Success in containing the virus was championed and used as an argument to justify greater control of the population. The political imperative of ensuring Xi’s third term is all the justification needed to do whatever is necessary to control the public.

Lockdowns in Shanghai have been characterized by food insecurity, dire conditions in quarantine facilities, underreported deaths and profiteering by food distribution officials. Beijing is on the verge of also facing lockdown. These cities are where people have benefitted most from Communist rule, and they have long enjoyed privileges much of the rest of the country could only dream about. The lockdowns are a hard dose of reality for millions of people.

China’s impending economic slowdown is negative for all industrial resources. The lesson we learned from the pandemic is the spike in cases lasts for about six weeks at a time. That may be longer for China because the strict lockdowns will slow the advance from one city to another. The virulence of the omicron and delta variants mean they are practically impossible to contain. The best China can hope is to slow the advance.

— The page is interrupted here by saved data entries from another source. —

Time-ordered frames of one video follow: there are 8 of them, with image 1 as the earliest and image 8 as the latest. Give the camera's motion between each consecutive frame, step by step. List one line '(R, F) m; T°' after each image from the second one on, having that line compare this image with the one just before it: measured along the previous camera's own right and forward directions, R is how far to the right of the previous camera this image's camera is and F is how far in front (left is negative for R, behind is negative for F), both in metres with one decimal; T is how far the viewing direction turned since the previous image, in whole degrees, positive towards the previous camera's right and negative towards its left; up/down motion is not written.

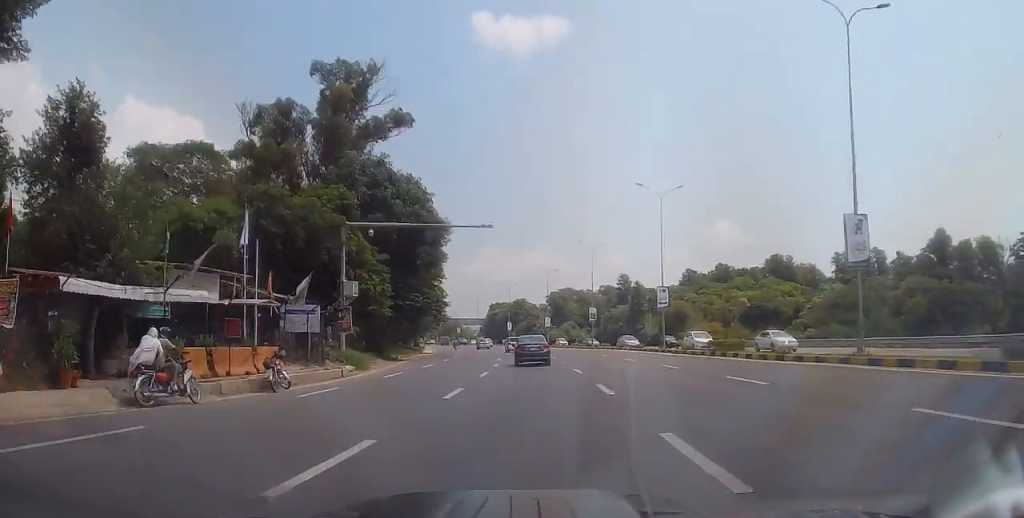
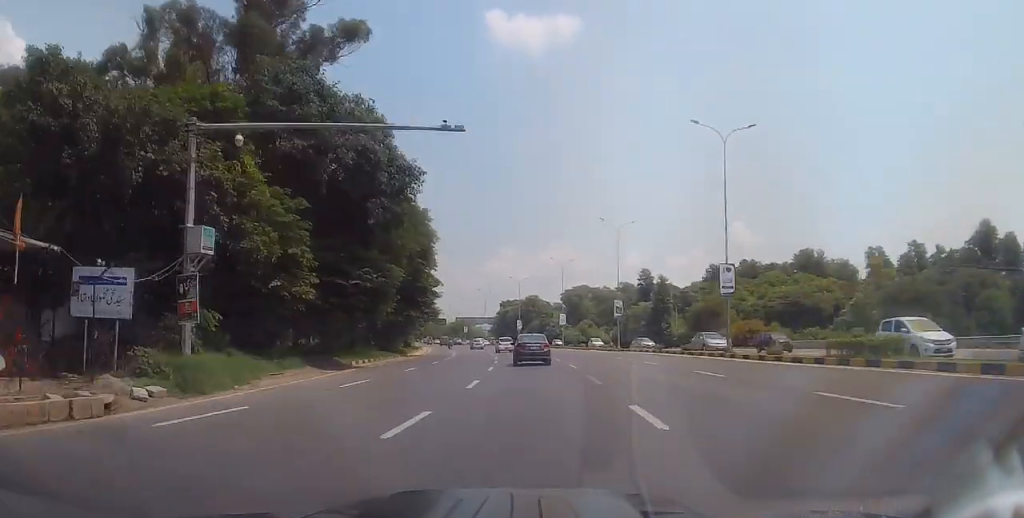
(-0.3, +14.1) m; -2°
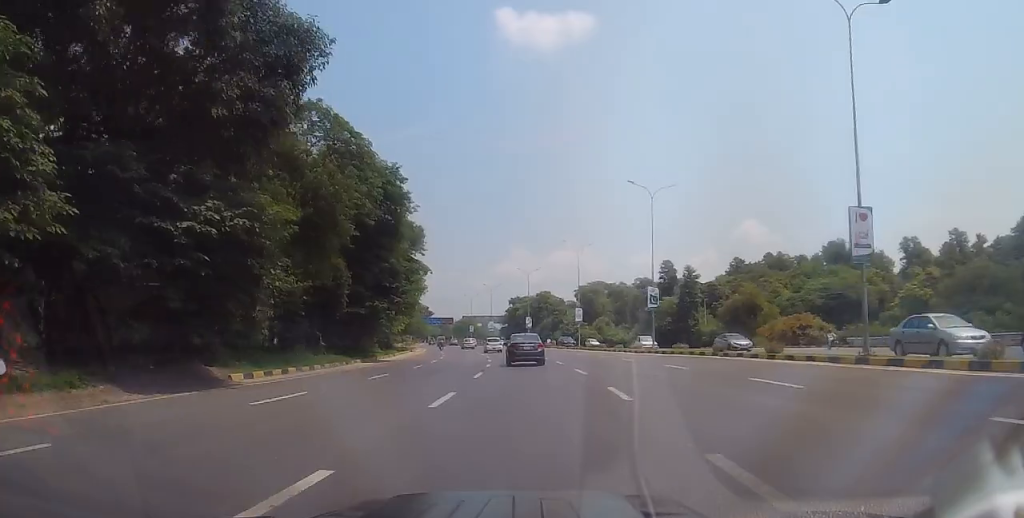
(-0.2, +14.0) m; -2°
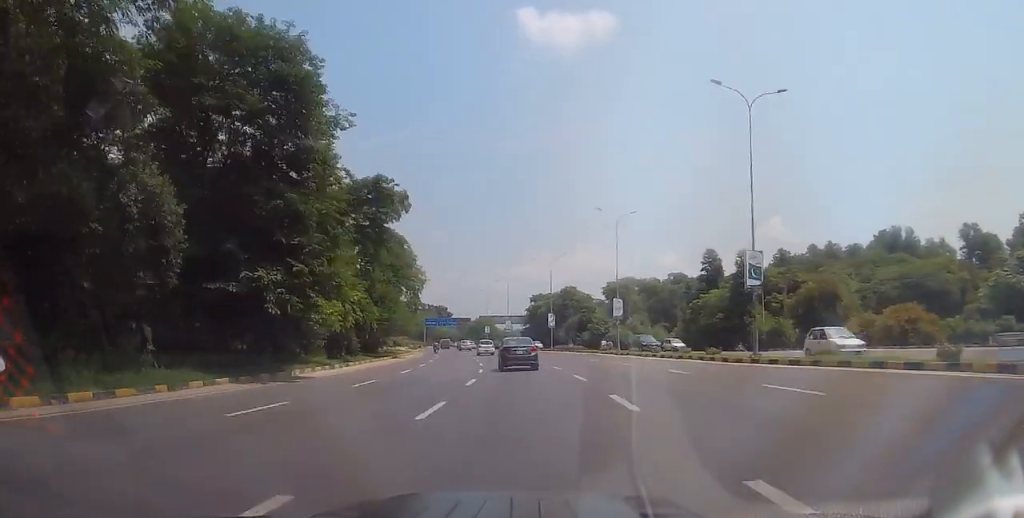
(-0.3, +18.9) m; -2°
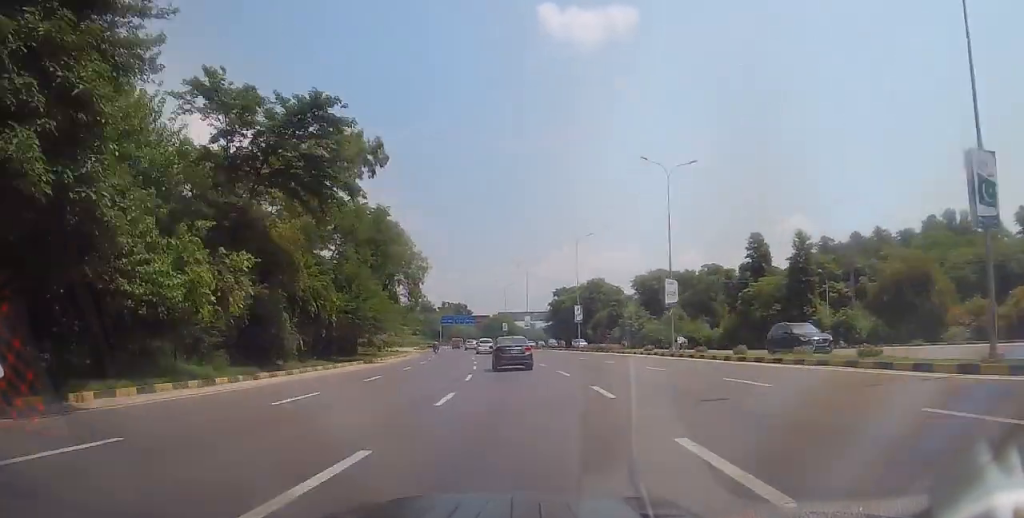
(-0.3, +15.0) m; -1°
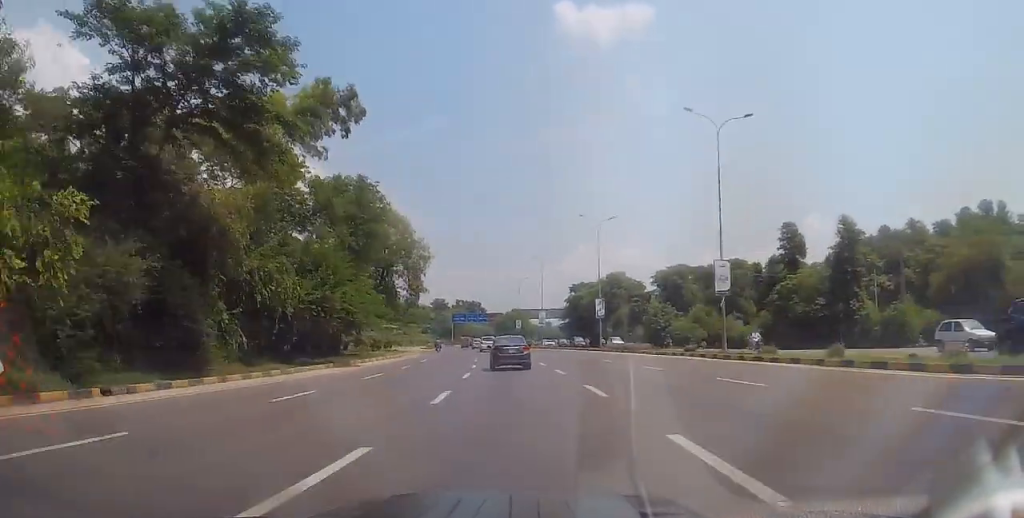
(+0.1, +8.7) m; -2°
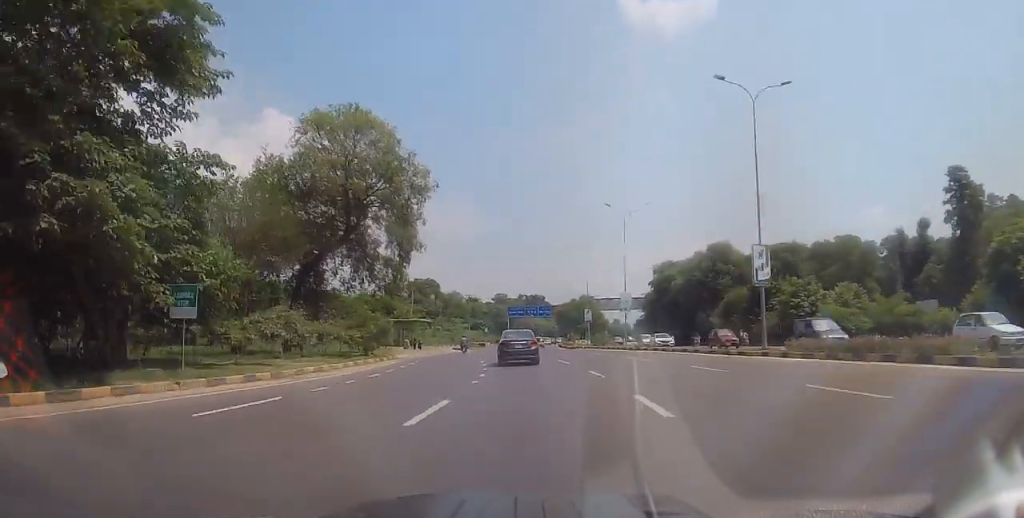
(-2.2, +31.2) m; -7°
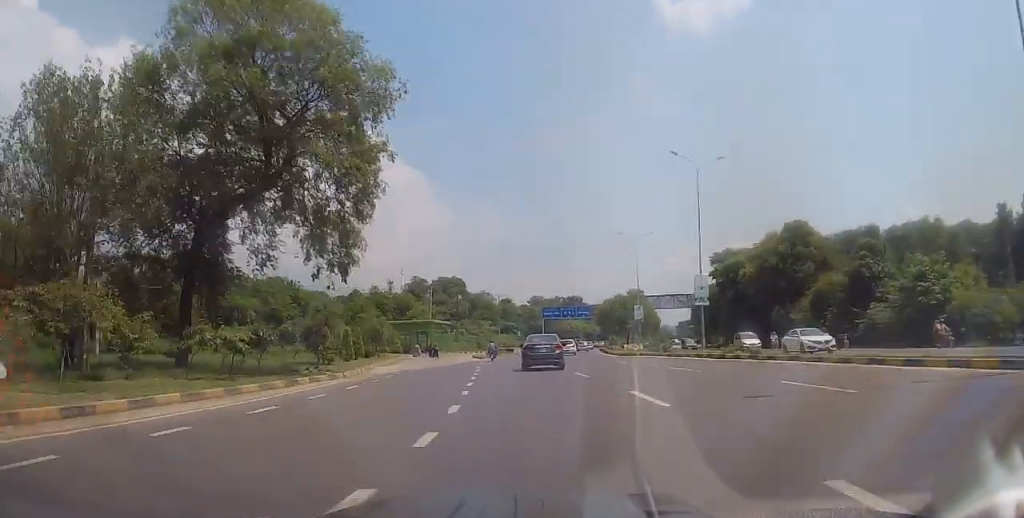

Destruction and rebuilding of credit and political ideas is a feature of the capitalist democratic system. It’s not a bug. Malleability is its greatest strength. The biggest challenge for Communism is it looks strong when it is doing well and struggles to adapt to anything that threatens the system. Singlemindedness is its greatest strength but also its greatest fragility.~

Copper pulled back sharply today to test the region of the 200-day MA. It will need to bounce soon, if the upward bias is to be sustained.
The Brazilian market tends to trade in line with commodities. It was the best performing market in Q1 and is likely to give up most of that advance as commodities correct.

Crude oil also extended its decline today to test the recent lows and looks likely to fall further if China’s lockdowns do continue to spread.
Gold was not spared selling pressure today and pulled back to also test its lows for the last couple of months.

If commodities correct it removes some of the pressure on central banks to aggressively raise rates. That should help to support stock markets, so the current weakness is potentially a sell-the-rumour-to-buy-the-news event of the first 50-basis point hike next Wednesday (May 4th). That should support prices for a time, but the correction is unlikely to end until central banks declare a partial victory over inflation and ease policy in response to slowing growth.